A banda Oriki~Yá relembra a criação da primeira música, "Vem Saudar"

A banda Oriki~Yá relembra a criação da primeira música, “Vem Saudar”(Foto: Nathalia Atayde)

 

Como tem sido o processo de reunir elementos culturais como o feminismo, a ancestralidade e os ritmos brasileiros?

Afroflor: A mistura dos ritmos e das próprias pautas que a gente levanta são coisas que fazem parte da nossa vida. Naturalmente, a gente acorda e já lida com isso. São ritmos que a maioria de nós já houve desde muito pequena. E os assuntos permeiam a nossa vida no dia a dia. É um trabalho que surge de forma muito natural. Por mais que a gente estude e procure em outros artistas, pensadores, principalmente mulheres, a pesquisa fica nesse campo do que as mulheres escrevem e a reflexão sobre a nossa vivência e a nossa verdade.

Vittória Braun: Simplesmente sinto que as coisas no Oriki~Yà vieram de maneira muito natural e espontânea, quase como um caminho de liberdade. Aqui, a gente é quem a gente é, do jeito que é, com tudo que a gente sabe. É um espaço de liberdade para sermos inteiramente, nas nossas diferenças. Porque isso também é uma coisa legal do Oriki~Yà: cada uma de nós vêm de um lugar muito diferente de vivências, mas há pontos que nos conectam, além de sermos mulheres pretas.
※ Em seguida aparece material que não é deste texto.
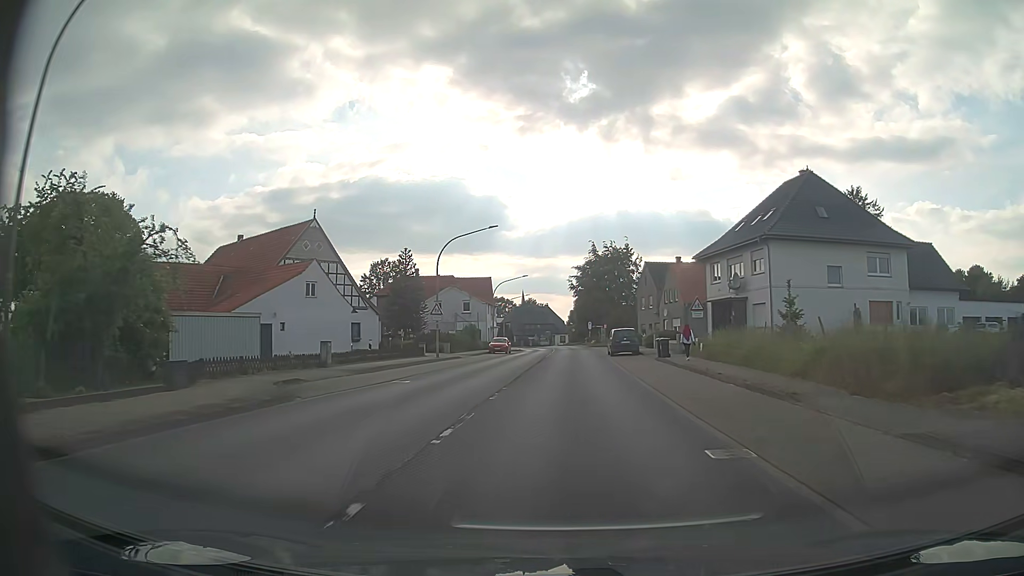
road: primary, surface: asphalt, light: Day
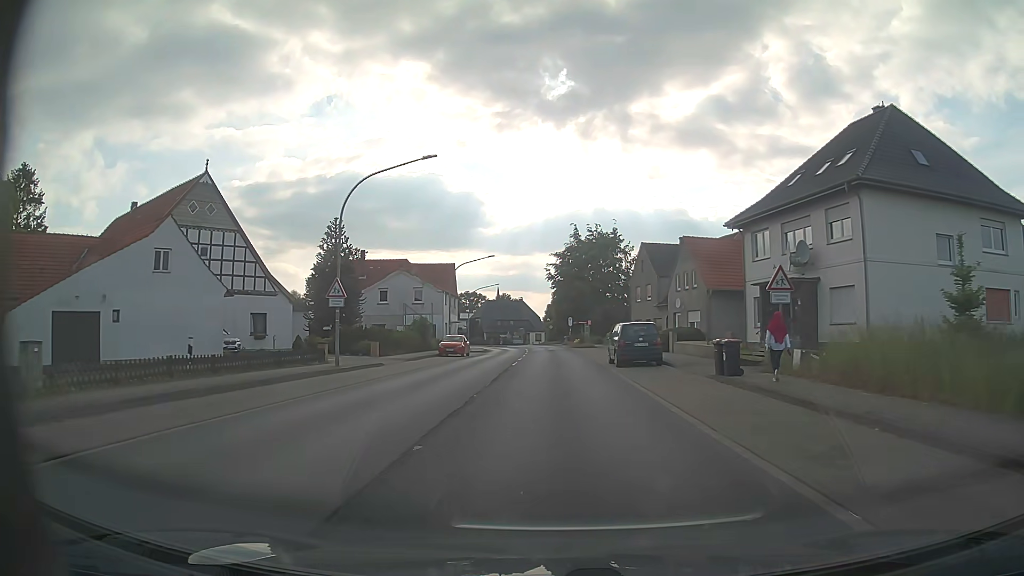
(+0.3, +15.8) m; +2°
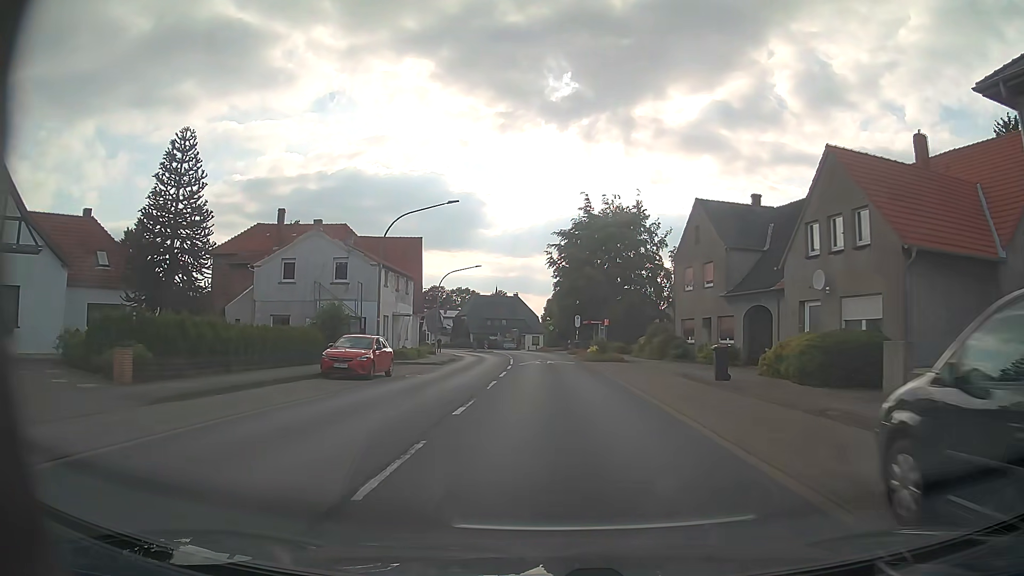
(+0.1, +23.7) m; 0°
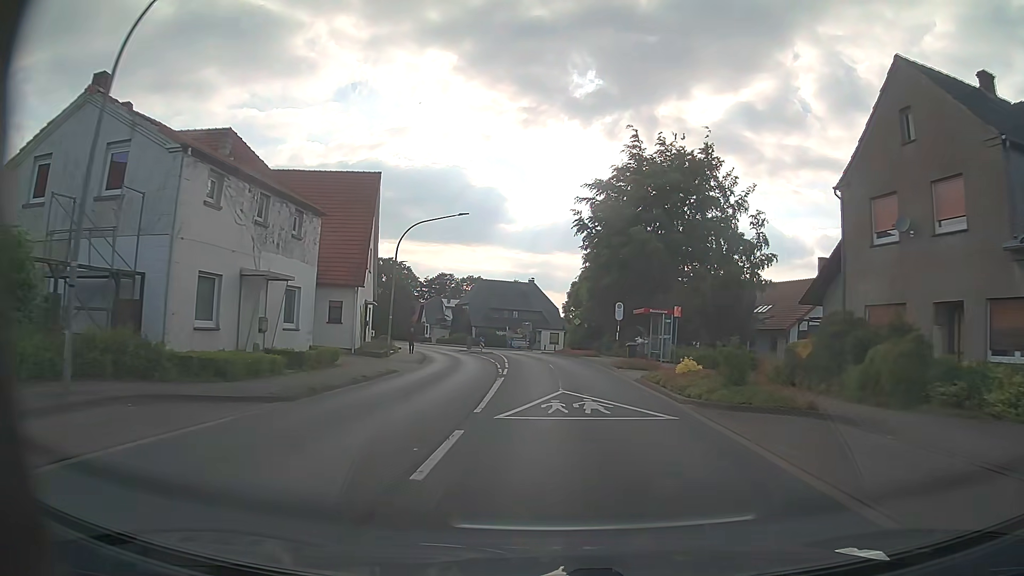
(-0.3, +23.8) m; -2°
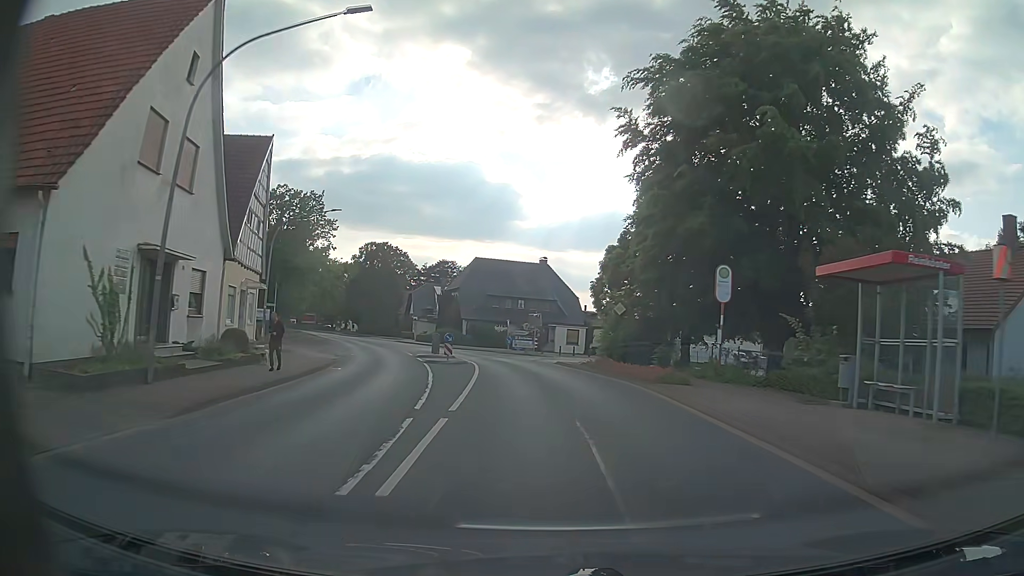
(-0.2, +23.9) m; -1°
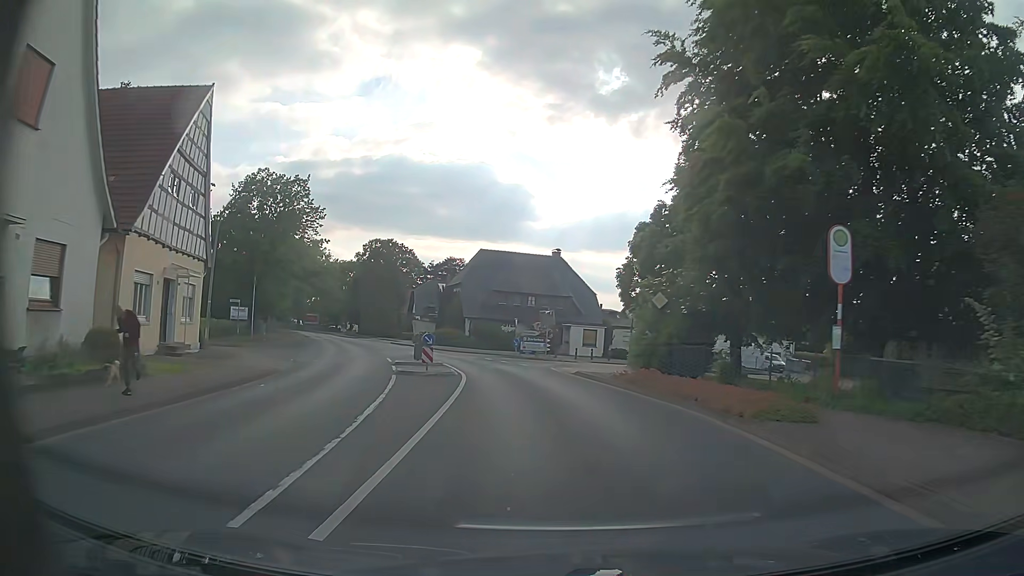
(-0.1, +8.0) m; -1°
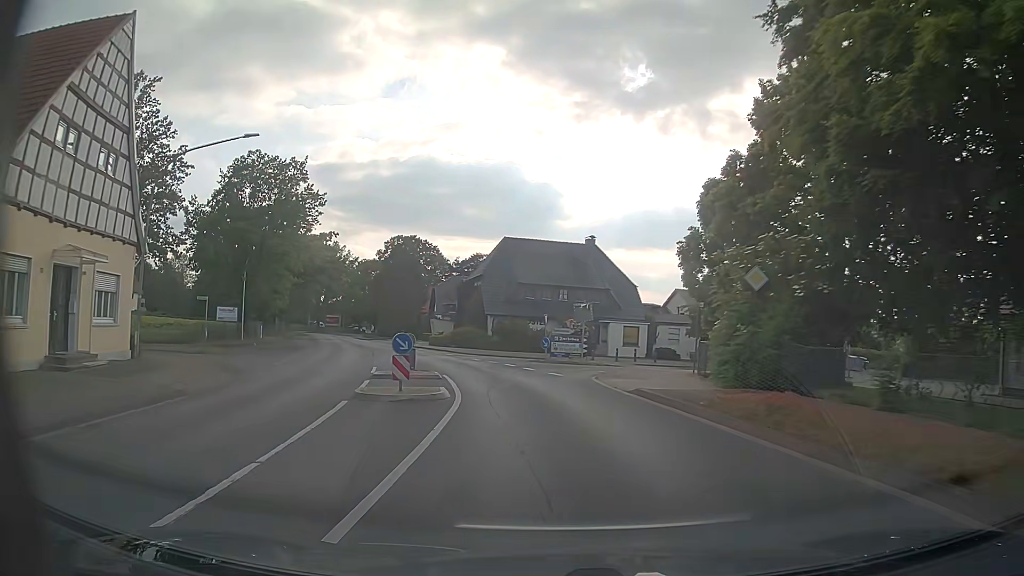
(-0.1, +8.0) m; -3°
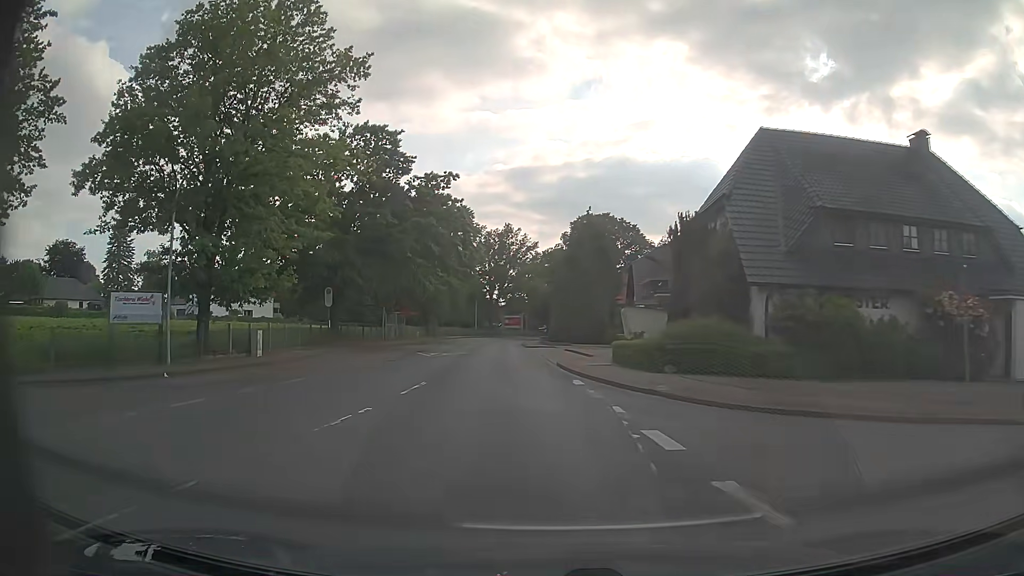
(-3.9, +31.5) m; -17°
(0, +10) (-1, +20) (-2, +30) (-3, +40) (-4, +50) (-4, +60) (-5, +70) (-5, +80) (-5, +90) (-5, +100) m

Patchamora: Neste lugar, somos juntas e somos poesia juntas. Tudo começou com um show que trouxe muita vontade e fé para seguirmos e estarmos juntas. Também tem a ver com a cura, já que essa união traz uma cura através do canto. E como cada voz complementa a outra. As nossas vozes são muito diferentes, então coube muito bem. Vejo muito potencial e aprendo a trabalhar em coletividade e ser juntas de forma coletiva e musical. É um sentimento de verdade.

Afro-flor, do grupo Oriki~Yà, fala sobre sua origem de mulheres fortes

Afroflor, do grupo Oriki~Yà, fala sobre sua origem de mulheres fortes (Foto: Nathalia Atayde)

 

Como se dá a relação de vocês com a ancestralidade feminina? 

Afroflor: Venho de uma família na qual as mulheres têm muita força, muita voz e muita presença. Sou fruto de uma família monoparental com uma mãe solo, então sempre tive a imagem de uma mulher forte lidando com a vida. Historicamente, os homens sempre ganharam mais espaço para assinar [produtos culturais] nas artes no Brasil e no mundo. Quando a gente consegue resgatar mulheres que vieram antes de nós e contemporâneas a nós, honramos a todas dando o espaço e a voz [que merecem]. Porque a mulherada está atuando como sempre atuou: muito bem, mas agora tem espaço para colocar o próprio nome. Nós damos espaço para as mulheres que somos individualmente e todas as outras que nos cercam.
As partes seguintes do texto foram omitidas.